# How many Hap SP.44 in a 30 gal?



## ChuckRum (Sep 11, 2010)

just getting into african cichlids so not too familiar with them. found a guy on kijiji sellingem at 2", two for 15$, is this a good price? im dedicating my entire 30 gal to just that species. id like a nice colony, and i hear you need atleast 6 together anyways. what is the max you think i can keep my 30 gal?


----------



## dynamite07 (Oct 16, 2010)

It depends on the male/female ratio. I had 6 in a 25 gallon but the dominant male eventually killed the other male. The other 4 were females. Try going 1 male and 3 females. That's my experience in a similar tank size. I'm sure at the store they'll tell you 8 is fine. In that case try 2 males and 6 females...


----------



## bob123 (Dec 31, 2009)

*hap.44*

From my experience you will need at least a 75 gallon tank as the males get to about 5" and the females about 3.5". These fish can be very aggressive and need a large tank. Good luck.


----------



## carbonlist (Nov 8, 2009)

I have kept lots of Hap44 before. You'll enjoy their nice colours and they're always active. I also recommend 1 male and 3-5 females. However, the price is a little steep. You can usually find local breeders selling 1.5-2" at 2-3$ a piece. Note this price was a year ago. It may have gone up but I highly doubt it.


----------



## MattyB (Dec 8, 2010)

I would consider Haplochromis sp. "Ruby Green" instead. Similar colouration, but smaller and more peaceful fish. It is a much more rare fish, but it would be worth it considering the size of the tank.

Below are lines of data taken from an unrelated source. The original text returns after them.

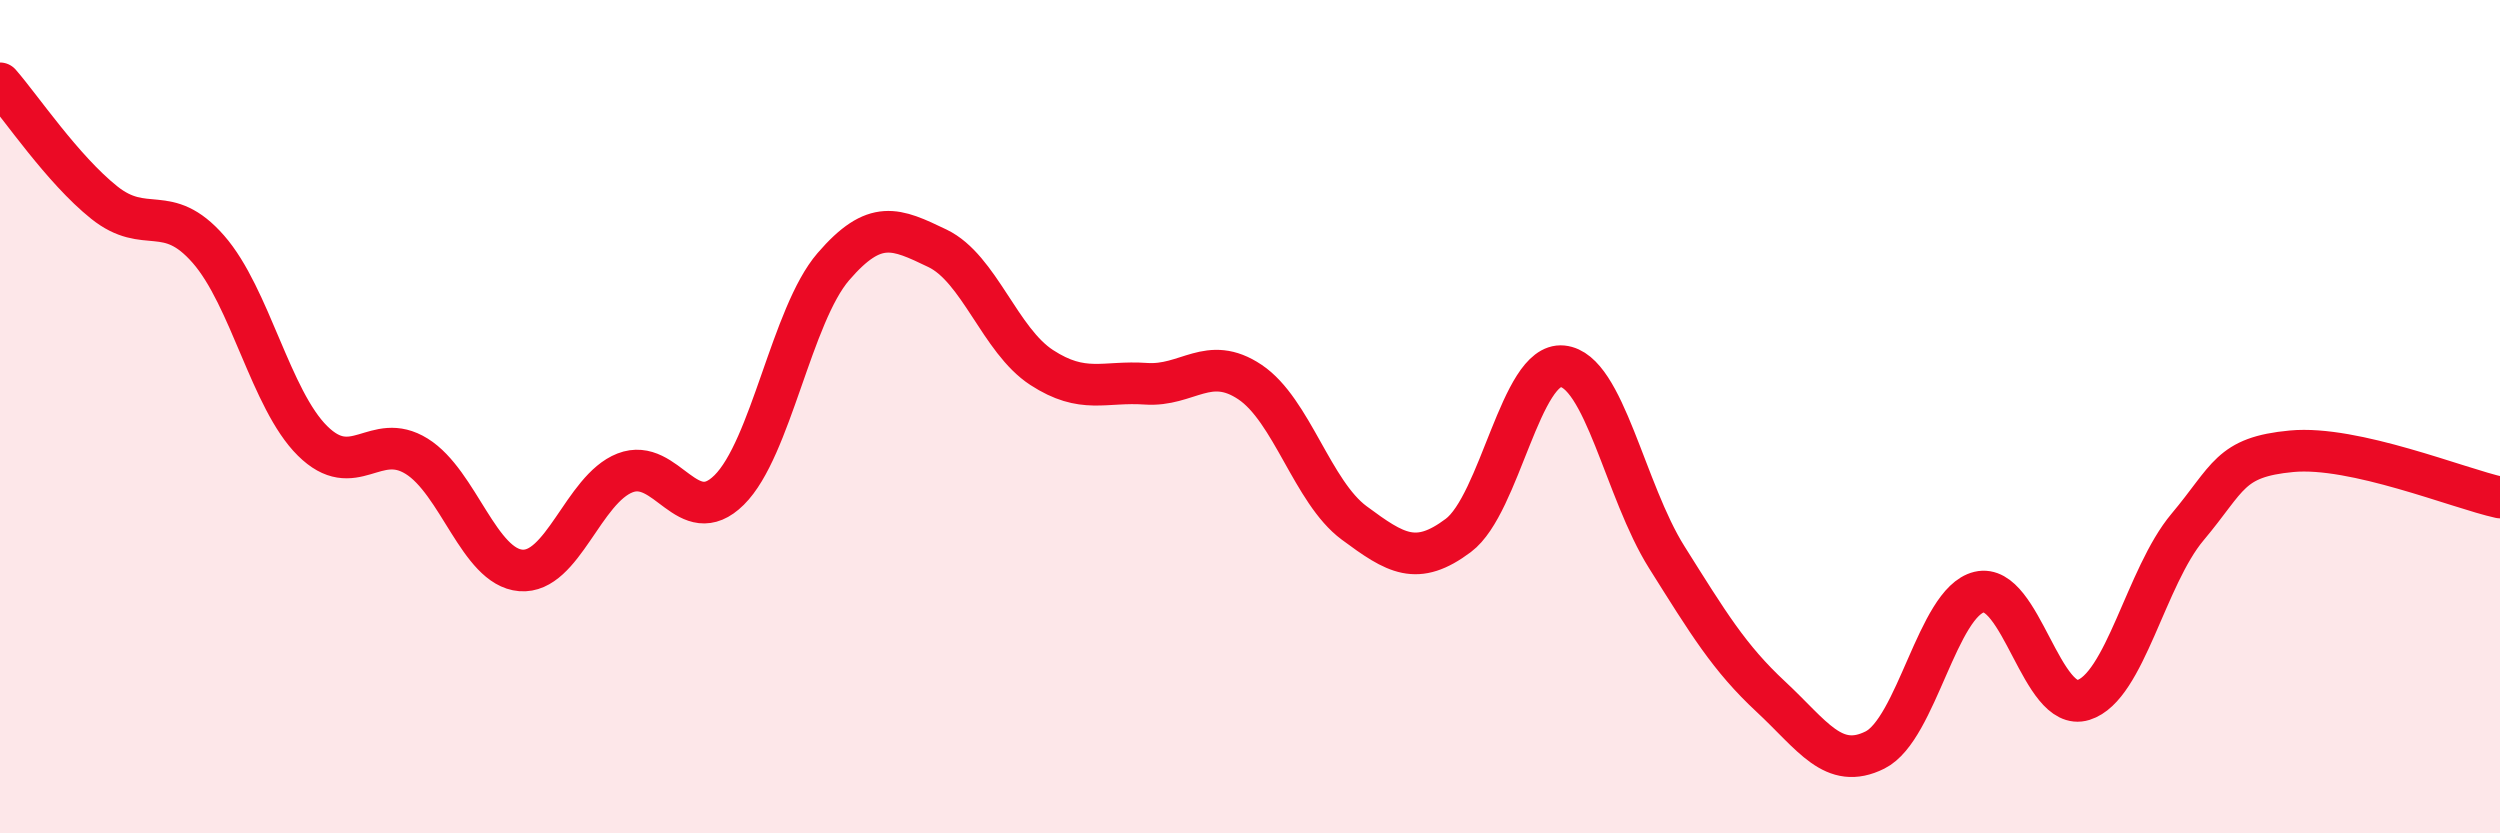 
    <svg width="60" height="20" viewBox="0 0 60 20" xmlns="http://www.w3.org/2000/svg">
      <path
        d="M 0,2 C 0.5,2.57 1.5,4.06 2.5,4.86 C 3.5,5.66 4,4.84 5,5.98 C 6,7.12 6.5,9.59 7.5,10.58 C 8.5,11.57 9,10.33 10,10.95 C 11,11.57 11.5,13.61 12.5,13.69 C 13.5,13.77 14,11.74 15,11.35 C 16,10.96 16.5,12.75 17.5,11.76 C 18.5,10.77 19,7.56 20,6.4 C 21,5.24 21.5,5.48 22.5,5.96 C 23.5,6.44 24,8.17 25,8.82 C 26,9.47 26.5,9.14 27.5,9.21 C 28.5,9.28 29,8.5 30,9.17 C 31,9.84 31.5,11.81 32.5,12.55 C 33.5,13.29 34,13.6 35,12.85 C 36,12.1 36.5,8.69 37.5,8.79 C 38.5,8.89 39,11.78 40,13.37 C 41,14.96 41.5,15.79 42.5,16.72 C 43.5,17.65 44,18.5 45,18 C 46,17.5 46.5,14.45 47.5,14.21 C 48.5,13.97 49,17.11 50,16.8 C 51,16.49 51.5,13.84 52.5,12.65 C 53.5,11.46 53.5,10.97 55,10.83 C 56.5,10.69 59,11.72 60,11.94L60 20L0 20Z"
        fill="#EB0A25"
        opacity="0.1"
        stroke-linecap="round"
        stroke-linejoin="round"
      />
      <path
        d="M 0,2 C 0.5,2.57 1.5,4.06 2.5,4.86 C 3.5,5.66 4,4.84 5,5.98 C 6,7.12 6.5,9.59 7.5,10.58 C 8.5,11.57 9,10.33 10,10.95 C 11,11.57 11.5,13.61 12.5,13.69 C 13.5,13.77 14,11.74 15,11.35 C 16,10.96 16.5,12.75 17.5,11.76 C 18.5,10.77 19,7.56 20,6.4 C 21,5.24 21.5,5.48 22.5,5.96 C 23.5,6.44 24,8.17 25,8.82 C 26,9.47 26.5,9.14 27.5,9.21 C 28.5,9.28 29,8.5 30,9.17 C 31,9.84 31.5,11.81 32.5,12.55 C 33.5,13.29 34,13.6 35,12.85 C 36,12.1 36.5,8.69 37.5,8.79 C 38.5,8.89 39,11.78 40,13.37 C 41,14.96 41.5,15.79 42.5,16.72 C 43.5,17.65 44,18.5 45,18 C 46,17.5 46.5,14.45 47.5,14.21 C 48.5,13.97 49,17.11 50,16.8 C 51,16.49 51.5,13.84 52.5,12.65 C 53.5,11.46 53.5,10.97 55,10.83 C 56.5,10.69 59,11.72 60,11.94"
        stroke="#EB0A25"
        stroke-width="1"
        fill="none"
        stroke-linecap="round"
        stroke-linejoin="round"
      />
    </svg>

Like the others have said, the 44 is aggressive and will most likely take the tank apart. I have 3 in a 125 and one of the males is getting beat on, while the other male is very wary of the dominant male. This is with 6 females in the tank.


----------



## Philip.Chan.92 (Apr 25, 2010)

I wouldn't get any africans for a 30g, its not nearly big enough unless you are getting shell dwellers. I would seriously consider getting a 75G+ tank since most africans besides shellies grow 5"+. Africans are generally pretty aggressive fish and are beautiful if and ONLY if they are properly taken care of. One can spend hundreds on bringing in a beautiful colony of wild caught african cichlids but they will not show off their best colouration in bad conditions. I would suggest spending a lot more time on cichlid-forum's library to discover the many different species of african cichlids as well as what they need to live happily. http://www.cichlid-forum.com/articles/


----------



## TJM (Dec 23, 2009)

Philip.Chan.92 said:


> I wouldn't get any africans for a 30g, its not nearly big enough unless you are getting shell dwellers. I would seriously consider getting a 75G+ tank since most africans besides shellies grow 5"+. Africans are generally pretty aggressive fish and are beautiful if and ONLY if they are properly taken care of. One can spend hundreds on bringing in a beautiful colony of wild caught african cichlids but they will not show off their best colouration in bad conditions. I would suggest spending a lot more time on cichlid-forum's library to discover the many different species of african cichlids as well as what they need to live happily. http://www.cichlid-forum.com/articles/


+1 Agreed.


----------



## MattyB (Dec 8, 2010)

anything less then a 55 gallon is less then ideal for Africans, however not everyone has the funds to afford such a tank. 

I know some people will cite cruelty to the fish and that they will not be as pretty in a smaller tank, but the fact is that nothing can replicate how they lived in the wild and probably any type of captivity could be construed as cruelty.


----------



## Philip.Chan.92 (Apr 25, 2010)

If one does not have the funds to afford a sufficiently large tank for the fish they wish to have, then they should not get those fish. We cannot replicate how they lived in the wild, but we can do our best to replicate their homes in the wild. These fish are more than capable of thriving in an aquarium, the fact they readily breed and demonstrate behaviours that they do in the wild, means that we are doing a sufficient job in providing a suitable habitat for them.


----------



## Darkside (Sep 14, 2009)

There are some smaller mouthbrooders that work well in a 30 gallon setup. You could try some ruby greens or one of the Pseudocrenilabrus species. If that's not your thing than many Tanganyikans are comfortable in a 30 gallon. A pair of Altos and some julies would make a nice setup.


----------



## Darkside (Sep 14, 2009)

MattyB said:


> anything less then a 55 gallon is less then ideal for Africans, however not everyone has the funds to afford such a tank.
> 
> I know some people will cite cruelty to the fish and that they will not be as pretty in a smaller tank, but the fact is that nothing can replicate how they lived in the wild and probably any type of captivity could be construed as cruelty.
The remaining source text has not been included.